The most important differential diagnoses of adult ocular masses include ocular melanoma and metastasis. Ocular melanoma is the most common primary malignant intraocular tumor in adults, accounting for 80% of noncutaneous melanomas (11). Like other melanin-containing tumors, ocular melanoma shows a high signal intensity on T1-weighted images and low signal intensity on T2-weighted images. However, since ocular lymphoma may have signal characteristics similar to those of uveal melanomas, MR signal characteristics may not be helpful for the differential diagnosis (11). Instead, morphologic features may aid differential diagnosis, since iris melanoma tends to present as a discrete circumscribed lesion rather than a plaque-like thickening, as seen in iris lymphomas such as the present case (12). Metastatic eye disease occurs most commonly from the lung and breast. Although metastases may produce solitary lesions, bilaterality and multicentricity usually suggest metastases. Other rare primary tumors to be differentiated from ocular lymphoma include medulloepithelioma, uveal leiomyoma, retinal pigment epithelial adenoma and adenocarcinoma, and optic disk melanocytoma. Medulloepithelioma and uveal leiomyomas tend to occur in the ciliochoroidal region and may be difficult to differentiate from the lymphoma seen in the present case on the basis of the imaging findings alone. Medulloepithelioma is a congenital tumor of the uvea, which presents as a mass behind the iris and pupil. Uveal leiomyoma is even rarer than other intraocular tumors and affects the ciliary body and the choroid overlying the posterior pole (12).

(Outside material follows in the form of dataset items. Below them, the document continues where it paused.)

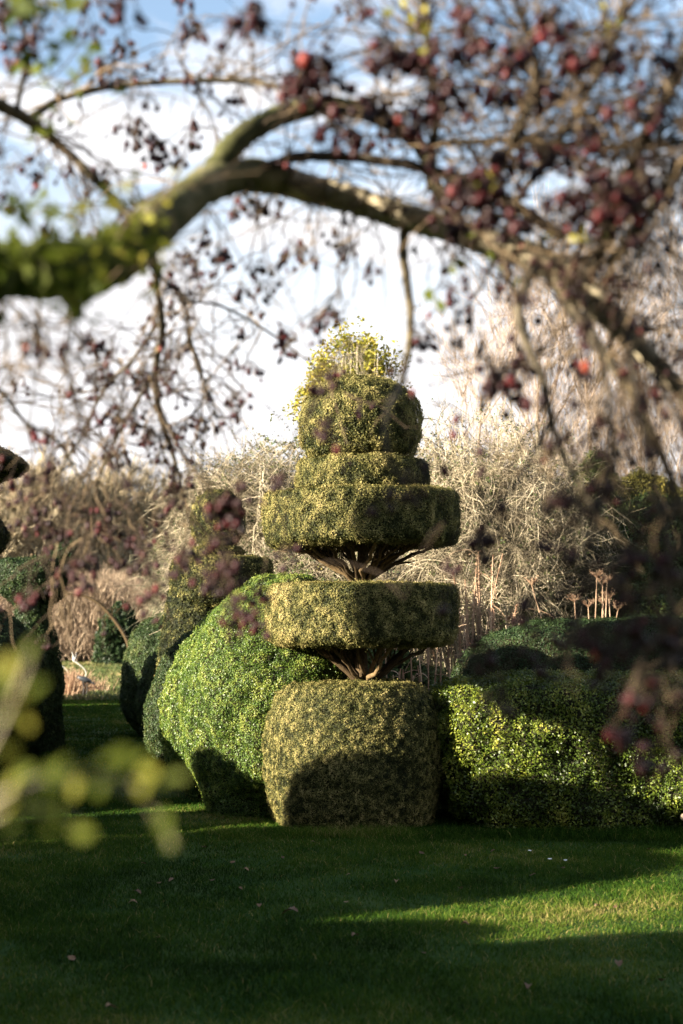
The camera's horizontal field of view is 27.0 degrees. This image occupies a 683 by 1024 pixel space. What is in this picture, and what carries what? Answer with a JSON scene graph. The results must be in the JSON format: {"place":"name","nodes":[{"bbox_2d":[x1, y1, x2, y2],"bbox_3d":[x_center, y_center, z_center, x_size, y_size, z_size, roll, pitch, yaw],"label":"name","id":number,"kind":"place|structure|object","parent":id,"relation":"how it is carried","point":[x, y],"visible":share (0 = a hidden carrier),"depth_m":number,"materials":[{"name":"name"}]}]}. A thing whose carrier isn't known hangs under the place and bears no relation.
{"place":"outdoors","nodes":[
{"label":"outdoors","id":0,"kind":"place"},
{"bbox_2d":[62,658,121,699],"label":"meadow grass","id":1,"kind":"structure","parent":0,"point":[111,672],"depth_m":41.27,"materials":[{"name":"green plant"}]},
{"bbox_2d":[59,586,127,647],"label":"leaning tree","id":2,"kind":"object","parent":1,"relation":"on","point":[109,614],"visible":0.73,"depth_m":49.83,"materials":[{"name":"brown plant"}]},
{"bbox_2d":[0,699,202,800],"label":"grass","id":3,"kind":"structure","parent":0,"point":[75,707],"depth_m":18.81,"materials":[{"name":"green plant"}]},
{"bbox_2d":[0,654,682,1023],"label":"lawn","id":4,"kind":"structure","parent":0,"point":[366,906],"depth_m":7.38,"materials":[{"name":"plant"}]},
{"bbox_2d":[0,445,28,770],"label":"tiered topiary","id":5,"kind":"object","parent":4,"relation":"on","point":[20,469],"visible":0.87,"depth_m":13.35,"materials":[{"name":"green plant"}]},
{"bbox_2d":[0,450,47,558],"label":"bare tree","id":6,"kind":"object","parent":4,"relation":"on","point":[14,544],"visible":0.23,"depth_m":65.68,"materials":[{"name":"brown plant"}]},
{"bbox_2d":[0,608,54,763],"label":"clipped bush","id":7,"kind":"object","parent":4,"relation":"on","point":[37,706],"visible":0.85,"depth_m":16.48,"materials":[{"name":"green plant"}]},
{"bbox_2d":[0,538,80,751],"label":"bird topiary","id":8,"kind":"object","parent":4,"relation":"on","point":[56,733],"visible":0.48,"depth_m":18.12,"materials":[{"name":"green plant"}]},
{"bbox_2d":[0,438,88,557],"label":"bare tree","id":9,"kind":"object","parent":4,"relation":"on","point":[35,550],"visible":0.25,"depth_m":66.15,"materials":[{"name":"brown plant"}]},
{"bbox_2d":[58,663,65,700],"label":"clipped bush","id":10,"kind":"object","parent":4,"relation":"on","point":[63,678],"visible":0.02,"depth_m":21.52,"materials":[{"name":"green plant"}]},
{"bbox_2d":[0,562,152,661],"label":"thicket","id":11,"kind":"object","parent":4,"relation":"on","point":[81,643],"visible":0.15,"depth_m":57.34,"materials":[{"name":"beige plant"}]},
{"bbox_2d":[64,666,99,696],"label":"dead grass tuft","id":12,"kind":"object","parent":4,"relation":"on","point":[74,685],"visible":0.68,"depth_m":30.57,"materials":[{"name":"beige plant"}]},
{"bbox_2d":[72,652,94,693],"bbox_3d":[-5.517,3.491,30.420,0.517,0.992,0.132,0,-4,0],"label":"heron sculpture","id":13,"kind":"object","parent":4,"relation":"on","point":[84,679],"visible":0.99,"depth_m":30.39,"materials":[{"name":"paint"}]},
{"bbox_2d":[65,676,116,691],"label":"dead grass tuft","id":14,"kind":"object","parent":4,"relation":"on","point":[98,686],"visible":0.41,"depth_m":32.29,"materials":[{"name":"beige plant"}]},
{"bbox_2d":[0,639,187,850],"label":"leafy shrub","id":15,"kind":"object","parent":4,"relation":"on","point":[124,756],"visible":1,"depth_m":1.05,"materials":[{"name":"green plant"}]},
{"bbox_2d":[34,457,154,581],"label":"bare tree","id":16,"kind":"object","parent":4,"relation":"on","point":[80,533],"visible":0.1,"depth_m":67.69,"materials":[{"name":"brown plant"}]},
{"bbox_2d":[90,600,139,664],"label":"evergreen bush","id":17,"kind":"object","parent":4,"relation":"on","point":[114,645],"visible":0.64,"depth_m":54.16,"materials":[{"name":"green plant"}]},
{"bbox_2d":[63,439,175,584],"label":"bare tree","id":18,"kind":"object","parent":4,"relation":"on","point":[121,497],"visible":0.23,"depth_m":68.39,"materials":[{"name":"brown plant"}]},
{"bbox_2d":[86,457,186,586],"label":"bare tree","id":19,"kind":"object","parent":4,"relation":"on","point":[146,480],"visible":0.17,"depth_m":68.96,"materials":[{"name":"brown plant"}]},
{"bbox_2d":[118,611,165,735],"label":"clipped bush","id":20,"kind":"object","parent":4,"relation":"on","point":[143,642],"visible":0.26,"depth_m":19.93,"materials":[{"name":"green plant"}]},
{"bbox_2d":[133,645,158,736],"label":"clipped bush","id":21,"kind":"object","parent":4,"relation":"on","point":[146,679],"visible":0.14,"depth_m":17.55,"materials":[{"name":"green plant"}]},
{"bbox_2d":[113,514,190,631],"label":"tangled shrub","id":22,"kind":"object","parent":4,"relation":"on","point":[155,609],"visible":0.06,"depth_m":22.32,"materials":[{"name":"brown plant"}]},
{"bbox_2d":[152,538,172,616],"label":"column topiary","id":23,"kind":"object","parent":4,"relation":"on","point":[161,542],"depth_m":26.34,"materials":[{"name":"green plant"}]},
{"bbox_2d":[130,481,207,549],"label":"bare tree","id":24,"kind":"object","parent":4,"relation":"on","point":[178,512],"depth_m":71.01,"materials":[{"name":"brown plant"}]},
{"bbox_2d":[141,626,197,776],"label":"clipped bush","id":25,"kind":"object","parent":4,"relation":"on","point":[152,747],"visible":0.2,"depth_m":14.91,"materials":[{"name":"green plant"}]},
{"bbox_2d":[157,612,209,796],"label":"clipped bush","id":26,"kind":"object","parent":4,"relation":"on","point":[170,735],"visible":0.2,"depth_m":13.33,"materials":[{"name":"green plant"}]},
{"bbox_2d":[149,487,274,764],"bbox_3d":[-1.495,1.303,16.450,1.451,3.195,1.297,0,-4,0],"label":"column topiary","id":27,"kind":"object","parent":4,"relation":"on","point":[188,606],"depth_m":16.10,"materials":[{"name":"green plant"}]},
{"bbox_2d":[123,407,339,633],"bbox_3d":[-1.036,0.857,20.541,3.647,4.704,3.570,-3,-5,32],"label":"tangled shrub","id":28,"kind":"object","parent":4,"relation":"on","point":[259,487],"visible":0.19,"depth_m":20.30,"materials":[{"name":"beige plant"}]},
{"bbox_2d":[229,409,306,545],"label":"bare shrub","id":29,"kind":"object","parent":4,"relation":"on","point":[297,447],"visible":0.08,"depth_m":21.62,"materials":[{"name":"beige plant"}]},
{"bbox_2d":[176,570,376,817],"bbox_3d":[-0.537,1.533,12.397,1.831,2.090,1.815,0,-4,0],"label":"clipped bush","id":30,"kind":"object","parent":4,"relation":"on","point":[227,687],"visible":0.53,"depth_m":11.73,"materials":[{"name":"green plant"}]},
{"bbox_2d":[281,906,297,913],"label":"fallen leaf","id":31,"kind":"object","parent":4,"relation":"on","point":[293,908],"visible":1,"depth_m":7.72,"materials":[{"name":"plant"}]},
{"bbox_2d":[0,0,682,784],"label":"crab apple tree","id":32,"kind":"object","parent":4,"relation":"on","point":[76,272],"visible":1,"depth_m":2.75,"materials":[{"name":"brown plant"}]},
{"bbox_2d":[245,512,441,662],"bbox_3d":[-0.125,1.324,19.448,3.599,3.616,2.895,1,-5,-18],"label":"tangled shrub","id":33,"kind":"object","parent":4,"relation":"on","point":[329,573],"visible":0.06,"depth_m":18.99,"materials":[{"name":"beige plant"}]},
{"bbox_2d":[282,316,412,458],"bbox_3d":[0.125,0.055,22.053,2.067,6.537,1.949,0,-4,0],"label":"golden shrub","id":34,"kind":"object","parent":4,"relation":"on","point":[367,344],"visible":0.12,"depth_m":22.06,"materials":[{"name":"yellow plant"}]},
{"bbox_2d":[258,372,463,829],"bbox_3d":[0.168,0.676,11.730,1.708,3.694,1.686,0,-4,0],"label":"tiered topiary","id":35,"kind":"object","parent":4,"relation":"on","point":[323,763],"visible":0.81,"depth_m":11.14,"materials":[{"name":"green plant"}]},
{"bbox_2d":[324,337,419,451],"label":"whippy shrub","id":36,"kind":"object","parent":4,"relation":"on","point":[355,368],"visible":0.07,"depth_m":21.23,"materials":[{"name":"plant"}]},
{"bbox_2d":[371,648,448,694],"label":"evergreen bush","id":37,"kind":"object","parent":4,"relation":"on","point":[415,664],"visible":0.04,"depth_m":15.39,"materials":[{"name":"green plant"}]},
{"bbox_2d":[376,557,459,673],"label":"dried stalks","id":38,"kind":"object","parent":4,"relation":"on","point":[448,654],"visible":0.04,"depth_m":17.31,"materials":[{"name":"brown plant"}]},
{"bbox_2d":[319,427,528,672],"bbox_3d":[1.268,0.976,18.965,3.297,4.220,3.182,0,-4,0],"label":"tangled shrub","id":39,"kind":"object","parent":4,"relation":"on","point":[393,575],"visible":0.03,"depth_m":18.57,"materials":[{"name":"beige plant"}]},
{"bbox_2d":[385,624,465,688],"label":"dried stalks","id":40,"kind":"object","parent":4,"relation":"on","point":[420,673],"visible":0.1,"depth_m":13.38,"materials":[{"name":"brown plant"}]},
{"bbox_2d":[216,821,682,841],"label":"grass","id":41,"kind":"structure","parent":4,"relation":"on","point":[604,833],"depth_m":10.72,"materials":[{"name":"green plant"}]},
{"bbox_2d":[444,549,550,659],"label":"dried stalks","id":42,"kind":"object","parent":4,"relation":"on","point":[473,603],"visible":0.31,"depth_m":15.62,"materials":[{"name":"brown plant"}]},
{"bbox_2d":[369,369,646,671],"bbox_3d":[1.882,0.581,17.257,3.594,4.744,3.263,0,-4,0],"label":"tangled shrub","id":43,"kind":"object","parent":4,"relation":"on","point":[462,474],"visible":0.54,"depth_m":16.79,"materials":[{"name":"beige plant"}]},
{"bbox_2d":[399,258,641,502],"bbox_3d":[3.202,-0.765,29.941,4.667,9.429,5.883,3,-5,-31],"label":"bare tree","id":44,"kind":"object","parent":4,"relation":"on","point":[468,378],"visible":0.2,"depth_m":30.31,"materials":[{"name":"beige plant"}]},
{"bbox_2d":[415,176,682,501],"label":"bare tree","id":45,"kind":"object","parent":4,"relation":"on","point":[567,395],"visible":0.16,"depth_m":32.97,"materials":[{"name":"beige plant"}]},
{"bbox_2d":[427,666,682,830],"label":"box hedge","id":46,"kind":"object","parent":4,"relation":"on","point":[575,768],"visible":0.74,"depth_m":11.07,"materials":[{"name":"green plant"}]},
{"bbox_2d":[450,612,682,677],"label":"clipped hedge","id":47,"kind":"object","parent":4,"relation":"on","point":[508,643],"visible":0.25,"depth_m":13.49,"materials":[{"name":"green plant"}]},
{"bbox_2d":[458,123,682,494],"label":"bare tree","id":48,"kind":"object","parent":4,"relation":"on","point":[589,420],"visible":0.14,"depth_m":30.90,"materials":[{"name":"beige plant"}]},
{"bbox_2d":[461,532,682,651],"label":"evergreen bush","id":49,"kind":"object","parent":4,"relation":"on","point":[642,577],"visible":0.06,"depth_m":17.11,"materials":[{"name":"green plant"}]},
{"bbox_2d":[525,570,618,618],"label":"dried umbels","id":50,"kind":"object","parent":4,"relation":"on","point":[593,601],"visible":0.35,"depth_m":15.85,"materials":[{"name":"brown plant"}]},
{"bbox_2d":[511,195,682,478],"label":"bare tree","id":51,"kind":"object","parent":4,"relation":"on","point":[645,373],"visible":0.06,"depth_m":34.61,"materials":[{"name":"beige plant"}]},
{"bbox_2d":[614,959,622,965],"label":"fallen leaf","id":52,"kind":"object","parent":4,"relation":"on","point":[618,963],"visible":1,"depth_m":6.54,"materials":[{"name":"brown plant"}]},
{"bbox_2d":[598,168,682,484],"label":"bare tree","id":53,"kind":"object","parent":4,"relation":"on","point":[677,463],"visible":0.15,"depth_m":31.49,"materials":[{"name":"beige plant"}]},
{"bbox_2d":[599,487,682,594],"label":"evergreen bush","id":54,"kind":"object","parent":4,"relation":"on","point":[649,532],"visible":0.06,"depth_m":18.39,"materials":[{"name":"green plant"}]},
{"bbox_2d":[620,467,682,502],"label":"golden bush","id":55,"kind":"object","parent":4,"relation":"on","point":[644,478],"visible":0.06,"depth_m":22.88,"materials":[{"name":"green plant"}]},
{"bbox_2d":[0,0,682,499],"label":"sky","id":56,"kind":"structure","parent":0,"point":[274,391],"materials":[{"name":"white"}]},
{"bbox_2d":[573,451,623,535],"bbox_3d":[3.538,1.126,19.479,1.216,4.027,1.238,0,-4,0],"label":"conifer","id":57,"kind":"object","parent":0,"point":[617,495],"visible":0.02,"depth_m":19.38,"materials":[{"name":"green plant"}]}
]}

As seen in the present case, the clinical diagnosis of ocular PTLD is often difficult, because it can masquerade as steroid-resistant uveitis (3, 4). In such situations, MR imaging may provide a diagnostic clue by revealing abnormal thickening of the uvea, especially in the anterior segment, with pathologic contrast enhancement. Although the imaging findings of uveitis are nonspecific, an inflamed uveal tract usually shows a high signal intensity on T2-weighted images in contrast to most ocular tumors, which present a low to intermediate signal intensity, as in the present case (13). Although our patient died of heart and renal failure complicated by sepsis 11 months after the diagnosis of posttransplantation intraocular lymphoma, the clinical course of ocular PTLD is chronic and the reported prognosis is generally good (6). Treatment includes reduction of immunosuppression, antiviral agents, and radiation therapy.
In summary, intraocular lymphoma can occur as a rare manifestation of PTLD. A high index of suspicion should be used for early diagnosis and treatment, when abnormal thickening of the uvea with contrast enhancement is seen on MR images in patients with a history of organ transplantation.